Part-whole relations, spatial relation ships, apparent motion detection, and mental rotation are all tasks that the right hemisphere is better at.
Adding emotional content to our speech, recognizing people's faces, and selecting objects is essential for the right hemisphere's limited language functions.

X was transmitted to the patient's left hemisphere from the right side of the screen.

The patient is able to identify the object by touching it from a group.

The patients with split-brains do not suffer deficits in intelligence.

The brain has the characteristic of "neuroplasticity", which is contrary to the belief that the brain cannot regenerate or develop new cells.

The ability of the neocortex to acquire new functions as a result of teracting with the environment is referred to as the "neuroplasticity of the brain".
If the left temporal lobe of a small child is damaged, it will no longer be able to comprehend language.

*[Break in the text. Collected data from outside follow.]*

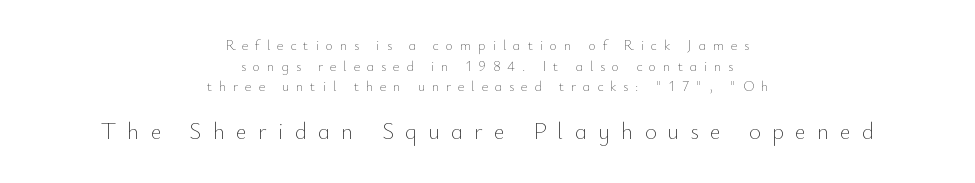
Q: Is the text bold? A: No.
Q: Is the text italic (slanted)? A: No, it is upright.
Q: Is the text underlined? A: No.
Q: How is the paragraph aligned? A: Centered.
Q: Is the spacing between letters normal or unusually wide? A: Unusually wide.
Q: Is the spacing between lines tight, normal or loose? A: Normal.
Q: Which block of text is set in a larger size, the first (top) or the second (bottom)? A: The second (bottom) one.
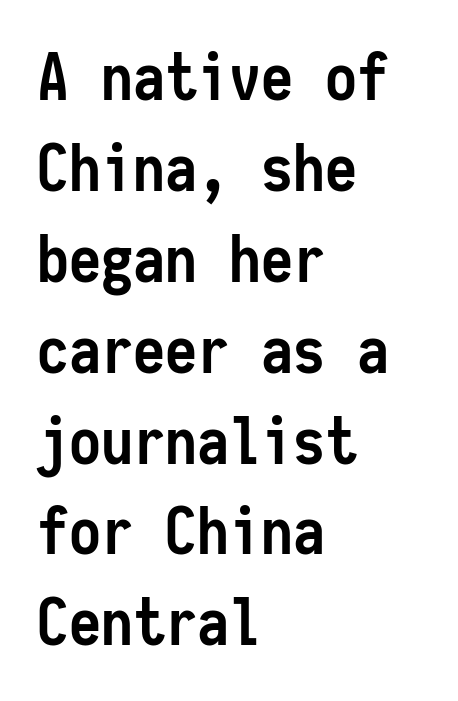
Q: Is the text bold? A: Yes.
Q: Is the text italic (slanted)? A: No, it is upright.
Q: Is the typeface a serif or a sans-serif typeface? A: Sans-serif.
Q: Is the text underlined? A: No.
Q: How is the paragraph aligned? A: Left-aligned.
Q: Is the spacing between letters normal or unusually wide? A: Normal.
Q: Is the spacing between lines tight, normal or loose? A: Normal.
Q: Width (condensed, normal, or wide)? A: Condensed.
Q: Stroke contrast? A: Low.
Q: x-height? A: Medium.
Q: Monospaced? A: Yes.
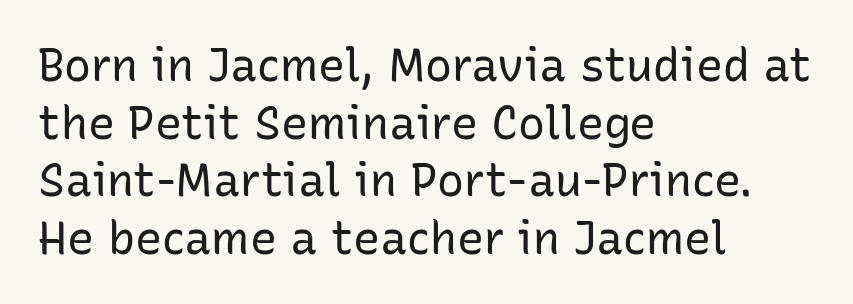
Q: Is the text bold? A: No.
Q: Is the text italic (slanted)? A: No, it is upright.
Q: Is the typeface a serif or a sans-serif typeface? A: Sans-serif.
Q: Is the text underlined? A: No.
Q: How is the paragraph aligned? A: Left-aligned.
Q: Is the spacing between letters normal or unusually wide? A: Normal.
Q: Is the spacing between lines tight, normal or loose? A: Normal.
Q: Width (condensed, normal, or wide)? A: Normal.
Q: Stroke contrast? A: Low.
Q: x-height? A: Medium.
Q: Monospaced? A: No.
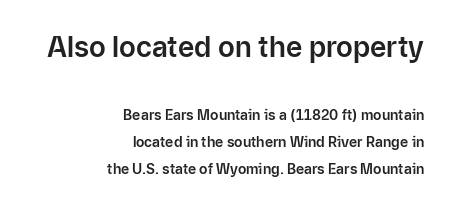
Q: Is the text italic (slanted)? A: No, it is upright.
Q: Is the typeface a serif or a sans-serif typeface? A: Sans-serif.
Q: Is the text underlined? A: No.
Q: How is the paragraph aligned? A: Right-aligned.
Q: Is the spacing between letters normal or unusually wide? A: Normal.
Q: Is the spacing between lines tight, normal or loose? A: Loose.
Q: Which block of text is set in a larger size, the first (top) or the second (bottom)? A: The first (top) one.
Q: Width (condensed, normal, or wide)? A: Normal.
Q: Stroke contrast? A: Low.
Q: x-height? A: Medium.
Q: Monospaced? A: No.
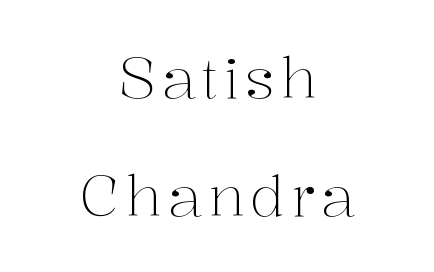
The letters advance in unequal steps, a hallmark of proportional type. The font's upright variant was chosen for this text. One-word summary of the alignment: center. The font is comparable to plain body text, perhaps lighter. The designer dialed line spacing up above the default. Descender tails drop into unmarked territory.
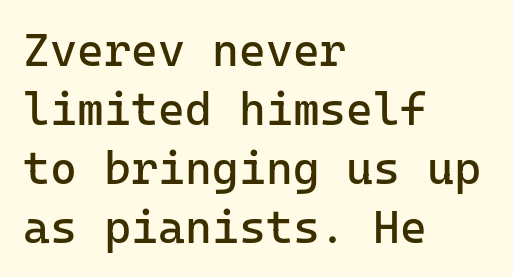
{"serif": "no", "italic": "no", "bold": "no", "weight": "regular", "width": "normal", "stroke_contrast": "low", "x_height": "medium", "underline": "no", "align": "left", "line_spacing": "normal", "line_spacing_ratio": 1.28, "letter_spacing": "normal", "letter_spacing_em": 0.0, "glyph_px": 46}
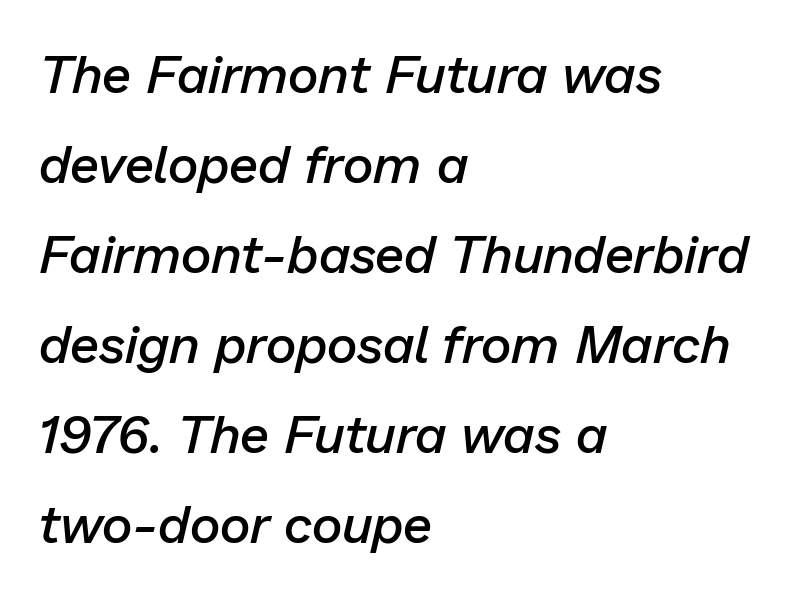
The image shows 53 px semibold type, italic (leaning right); set left-aligned, normal line spacing (1.7x), normal letter spacing, not underlined; low stroke contrast and a medium x-height.
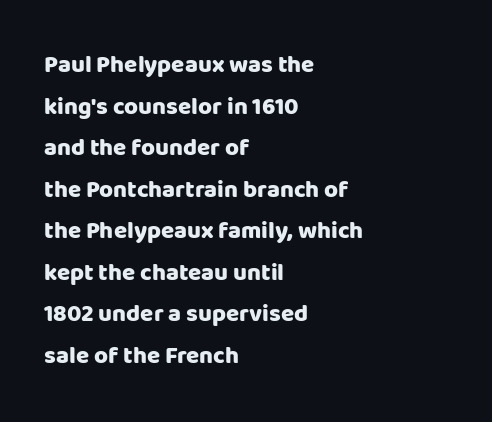
These lines keep a tight, regular rhythm from letter to letter. The setting favours the left margin, as ordinary paragraphs usually do. A dark, heavy texture on the line: the type is bold. The specimen omits any rule beneath the text block's lines.
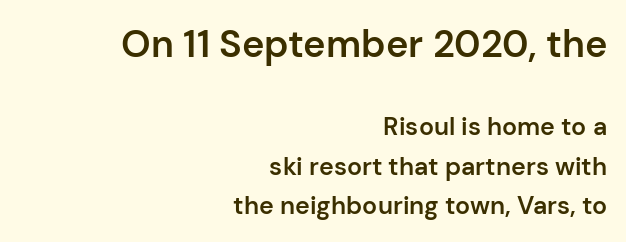
The image shows 38 px semibold sans-serif type, upright; set right-aligned, normal line spacing (1.59x), normal letter spacing, not underlined; the first (top) block is 1.52x larger; low stroke contrast and a medium x-height.
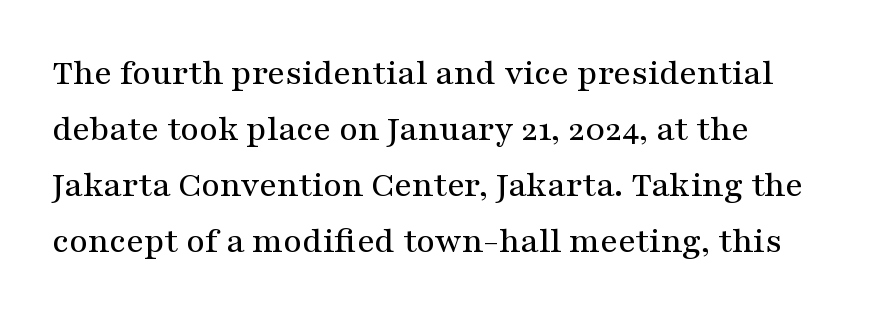
Think of a printed novel: that variable character pitch is what you see here. No extra tracking has been applied to these lines. Regarding leading, the lines here are spaced in the standard way. Style check: upright. Unlike a clean sans, this face finishes its strokes with serifs. Descender tails drop into unmarked territory.
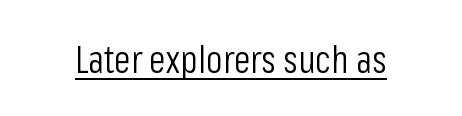
The image shows 38 px light, condensed sans-serif type, upright; set normal letter spacing, underlined; low stroke contrast and a medium x-height.
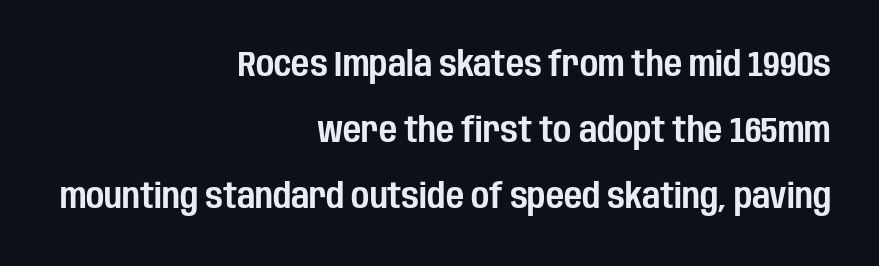
{"serif": "no", "italic": "no", "width": "condensed", "stroke_contrast": "low", "x_height": "large", "monospaced": "no", "underline": "no", "align": "right", "line_spacing_ratio": 1.89, "letter_spacing": "normal", "letter_spacing_em": 0.0, "glyph_px": 35}
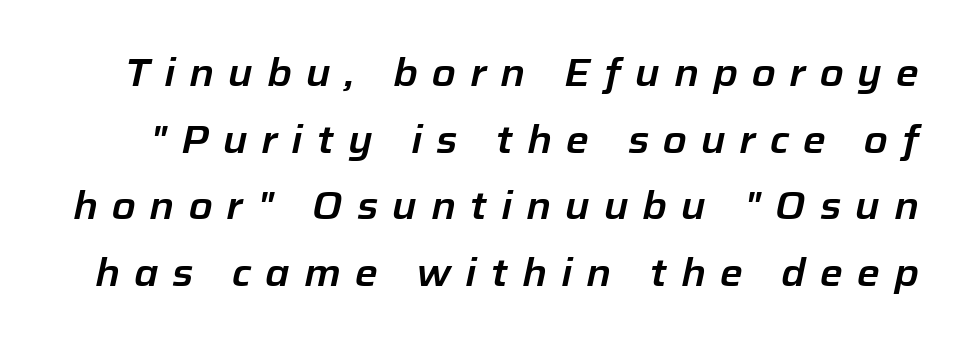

The forebrain, midbrain, hindbrain, and various lobes are included.

Brain differences will result from training in a specific ability.

Humans don't come into this world with a fully developed, hard-wired brain, which is one reason the brain can change in response to experiences.

Young mam mals are cared for by adults.
The evolutionary pro cess did not have to produce a brain with specialized circuits.
It could produce a larger brain with an abundance of neuralcuits that could be changed by experience.

We looked at the biological foundations of psychology in this chapter.

We have seen how these systems respond to stimuli.
We will look more closely at these processes in the next chapter.
The raw materials of psychological functioning can be found in the ways in which specialized receptors in the nervous system sense stimuli and how the resulting sensations are processed.

The split-brain operation uses a chart of a person's brain waves.

You are sleeping much later in the day.

Two people will be injected with a radioactive form of sugar.

Which part of the brain is responsible for breathing?

The operation was done to reduce the symptoms.

The two hemispheres can be separated through surgery.